MONTHLY LETTER - November 2009

Last month I wrote about “what is asset protection?” and gave you some examples about mortgage modification and how clients are significantly reducing monthly mortgage payments while increasing family cash flow of approximately $1000 per month.

I want to give you another example of asset protection and cash flow and how it can relate to what we call a “doubling effect” strategy.

In this example Joe Craft CPA, CFP personally completed and prepared one year of tax returns for a client’s corporation and personal tax return. Preparing them in combination allows a Certified Public Accountant to evaluate both planning and tax objectives in a combined manner. The result was as follows:

In 2007 the client’s gross income from business was over $250K and in that year his last accountant prepared the returns for this individual which resulted in federal and personal income taxes over $30,000.

In 2008 the client came to our firm Adams, Ewing, Craft & Barry, LLC our accounting division and now the client’s gross income from business was now over $300K a larger problem. As a result of good business planning, deferral and over all tax planning the client now paid a combined federal and state income tax of $232.

That is a huge difference.

Now what if the client could do this year after year and what would be the expectant result.
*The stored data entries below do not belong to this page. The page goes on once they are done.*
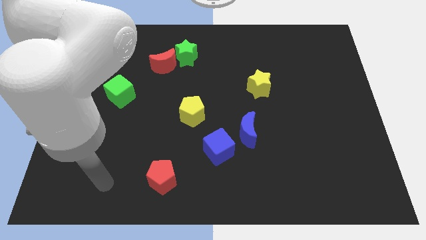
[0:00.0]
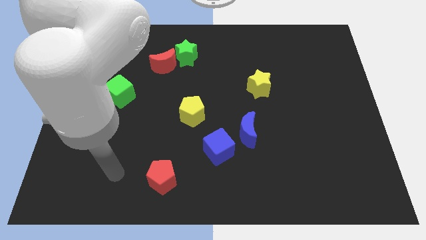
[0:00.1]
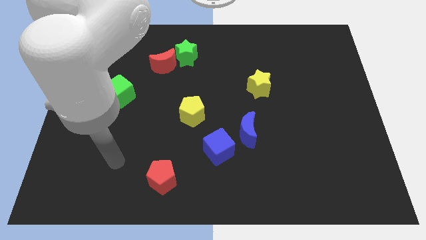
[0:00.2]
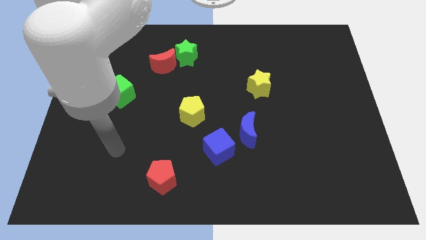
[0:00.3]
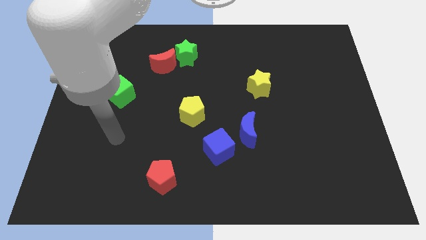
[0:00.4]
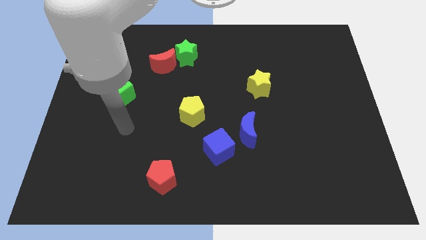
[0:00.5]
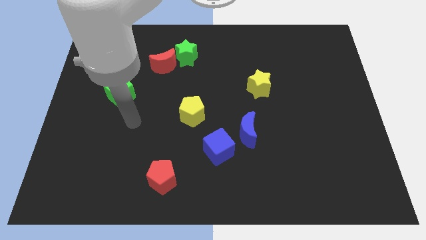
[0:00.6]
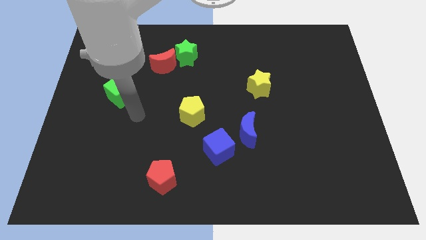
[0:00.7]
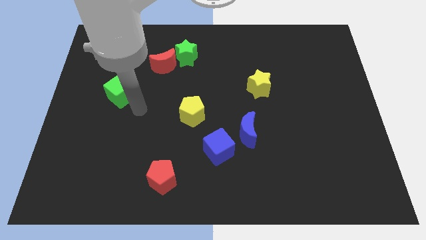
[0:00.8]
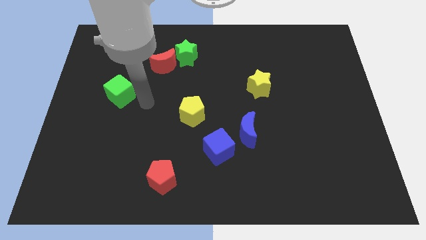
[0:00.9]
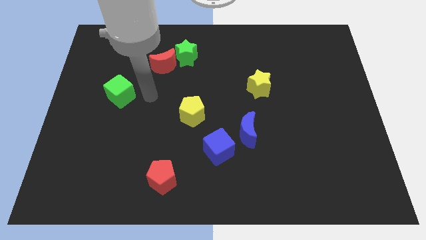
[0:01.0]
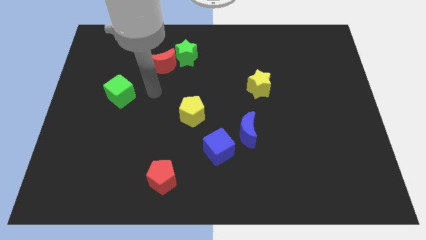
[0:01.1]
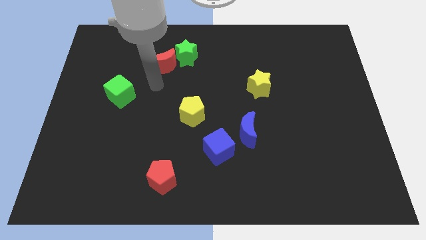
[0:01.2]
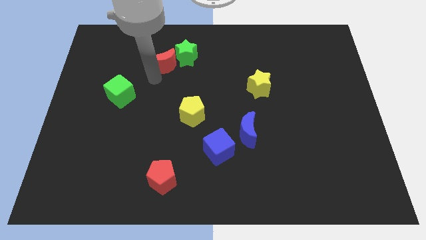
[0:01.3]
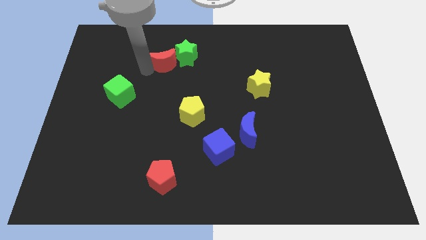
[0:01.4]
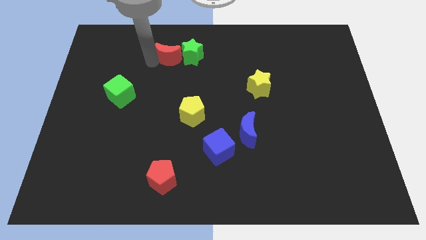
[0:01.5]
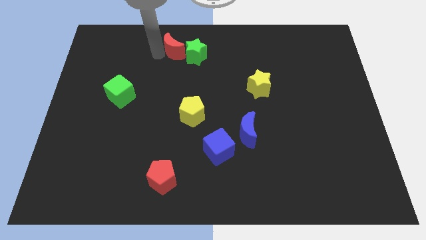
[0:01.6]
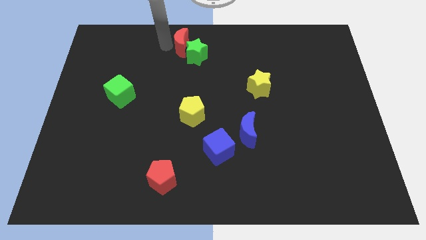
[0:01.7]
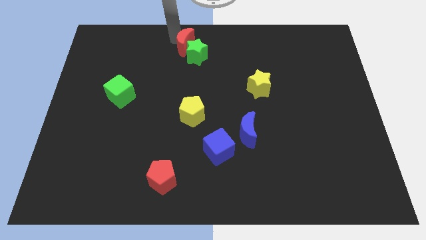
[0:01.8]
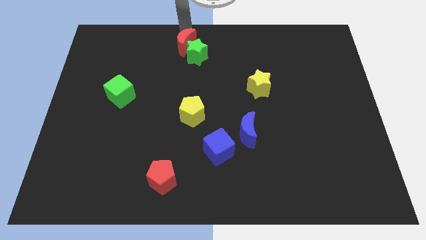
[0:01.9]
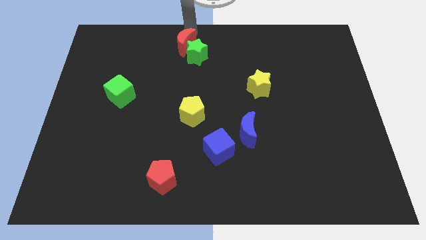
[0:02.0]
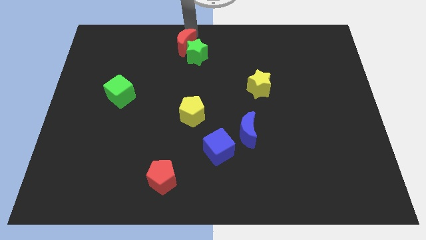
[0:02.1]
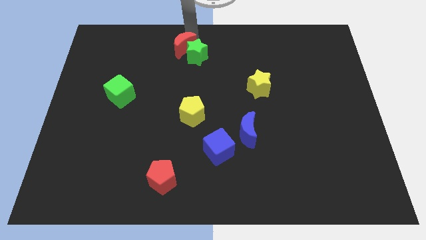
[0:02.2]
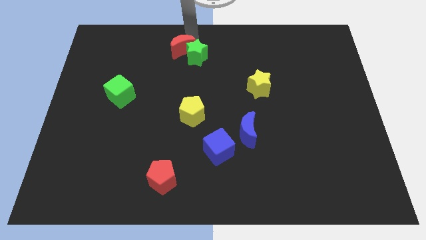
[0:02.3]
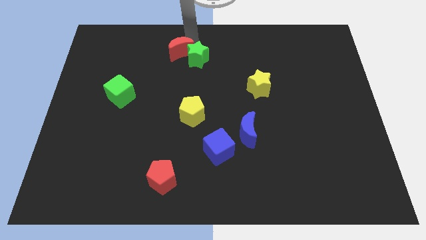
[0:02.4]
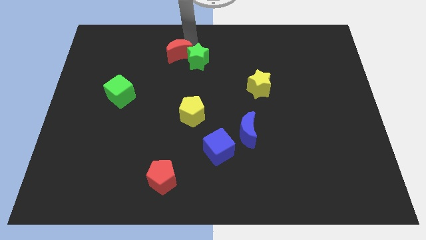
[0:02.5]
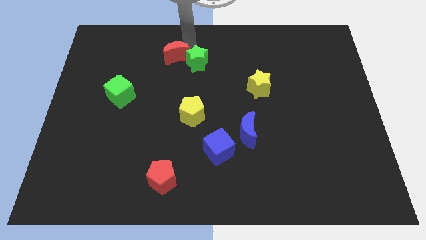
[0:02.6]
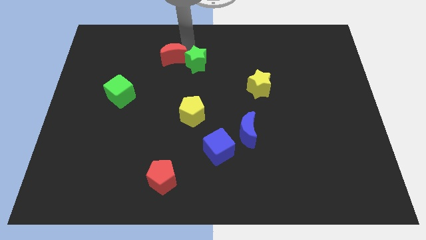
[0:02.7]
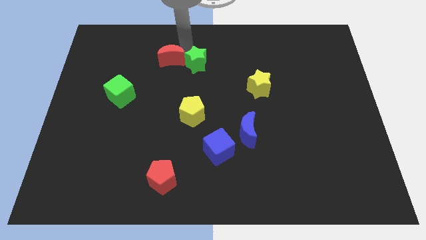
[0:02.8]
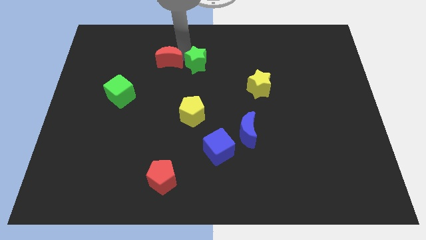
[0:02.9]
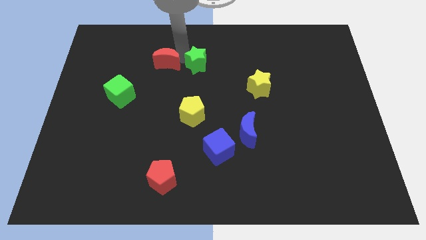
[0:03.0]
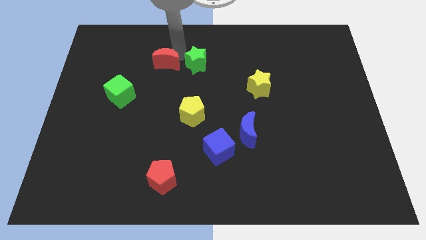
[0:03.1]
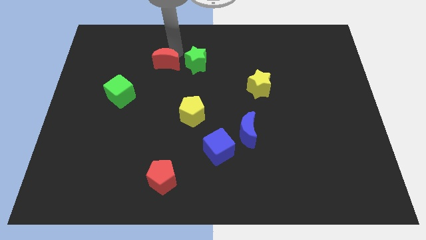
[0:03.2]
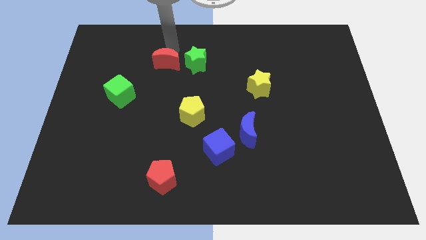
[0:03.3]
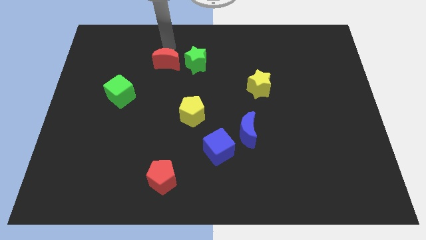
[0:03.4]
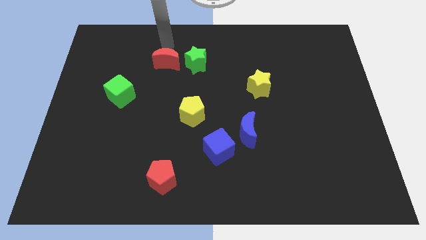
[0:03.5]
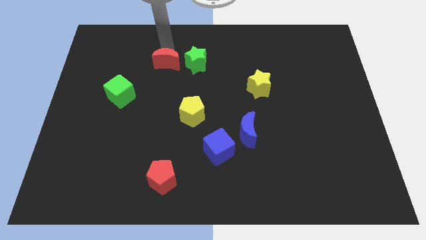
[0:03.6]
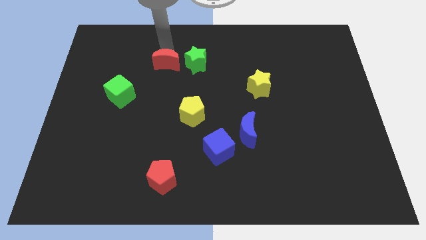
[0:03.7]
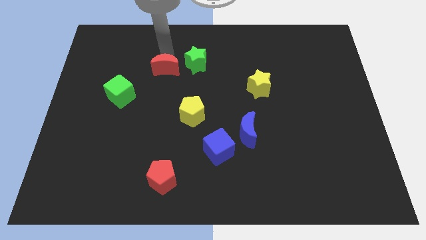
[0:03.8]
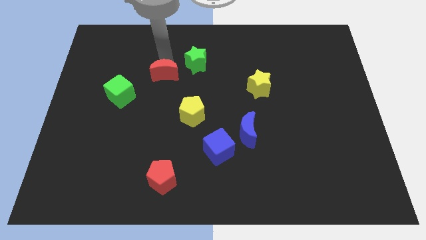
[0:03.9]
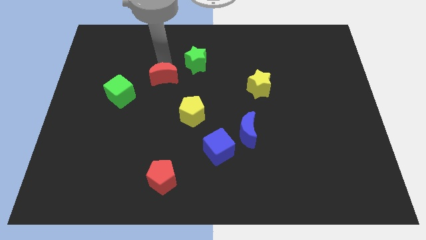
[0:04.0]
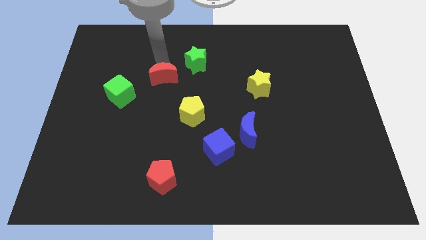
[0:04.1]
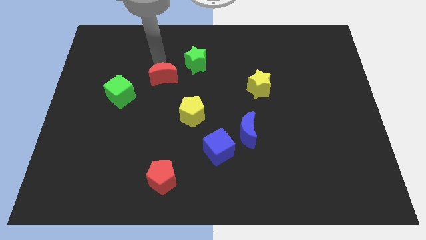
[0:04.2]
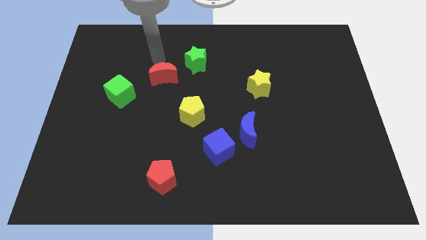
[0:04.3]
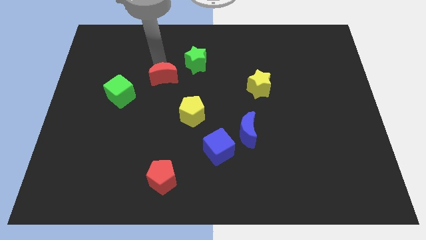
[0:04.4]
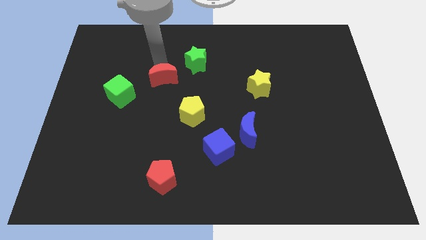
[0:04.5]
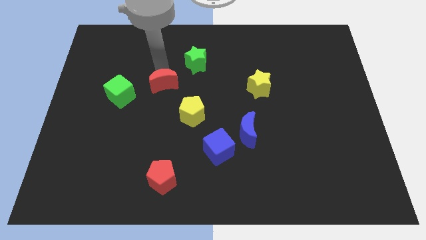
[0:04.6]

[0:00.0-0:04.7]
push the red moon to the top left of the yellow pentagon

Well first the client could pay down their mortgage. Not a bad way to go and the home mortgage would definitely go down due to compounding principal monthly payments, however there may be a better way to go.

Possibly a better strategy would be for the client to loan the money to his Nevada Corporation, create an IET – Income Estate Trust which would invest into a qualified fund earning 36% per year. This now allows his company to create a monthly cash flow of approximately $1000 per month. The client could now take a secured loan from the company as a Director and lien up the real estate all the while paying down the principal debt of $1000 each month. This strategy is much more effective and creates asset protection.

We would further recommend that the client “double strap” up the home by setting up a Family Limited Partnership with a Life Tenancy Residential Trust removing the property out of the family personal name of the client and create another IET for the benefit of the client and beneficiaries. Again more cash flow. As you can see this is very, very effective!